Fee Schedule and Billing
Our fee schedule is published separately on an annual cycle and is available through the office. A contract billing summary and detailed invoice, issued the first week of every month, covers those test procedures requested during the previous calendar month. All payments are due 45 days from the date of the related invoice and are independent of any reimbursement received by the client from patients or third-party payers. Questions regarding clarification on any invoice should be directed to the office staff.
Medicare Coverage for Lab Testing
- Consistent with federal regulations, charges for tests you have referred on Medicare or Medicaid patients will be billed directly to the carrier by SSM Health St. Mary's Hospital - Madison. Appropriate Medicare/Medicaid numbers and ICD-9 codes must be included at the time the test is ordered.
- Each individual component of any panel must be medically necessary to qualify for reimbursement. Medicare will not pay for non FDA-approved tests or for screening tests.
- If there is a reason to believe that Medicare will not pay for a test, the patient should be informed of that fact. The patient should then sign an Advance Beneficiary Notice (ABN), to indicate that he or she is responsible for the test if Medicare denies payment.
- If no ABN was received with the specimen before processing or there was inadequate documentation and payment was denied by the fiscal intermediary, lab services will bill the client for the services that were provided.
- The client accepts financial responsibility for any test ordered where insufficient diagnosis information has been given and/or are considered not medically necessary according to Medicare or Medicaid.

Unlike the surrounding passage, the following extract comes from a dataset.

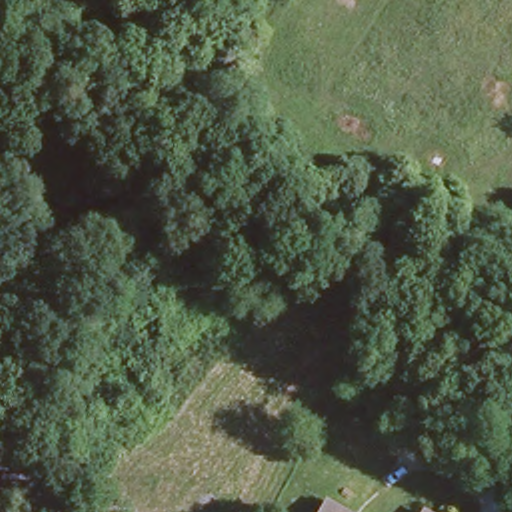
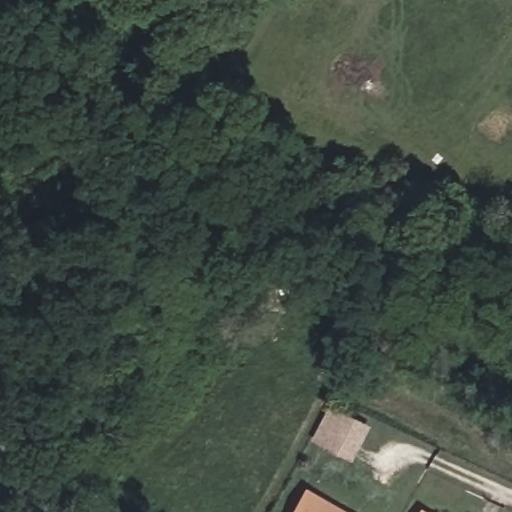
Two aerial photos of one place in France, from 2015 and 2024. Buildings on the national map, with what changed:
new [(351,461),(310,442),(328,403),(370,426),(351,461)]
unchanged [(324,502),(340,512),(318,512),(324,502)]
unchanged [(425,512),(414,512),(417,507),(425,512)]

- In the event a client discovers that the patient is actually a Medicare patient after a test was submitted and completed, the client will be allowed a 45-day grace period after the receipt of the invoice to provide appropriate Medicare information for lab services to bill Medicare appropriately. The client account will be credited for the initial charge. The client will be responsible to pay lab services for any test for which information received exceeds the 45-day grace period.
- If these lab orders are being done in conjunction with an inpatient hospital stay at the same time of order or planned within the next 72 hours, billing must be included in the DRG billing done at the hospital where the patient is/or will be.
If the patient's primary insurance coverage for laboratory services is Medicaid, lab services will invoice Medicaid directly. The client is not responsible for payment of covered services under Medicaid when it is the primary insurance.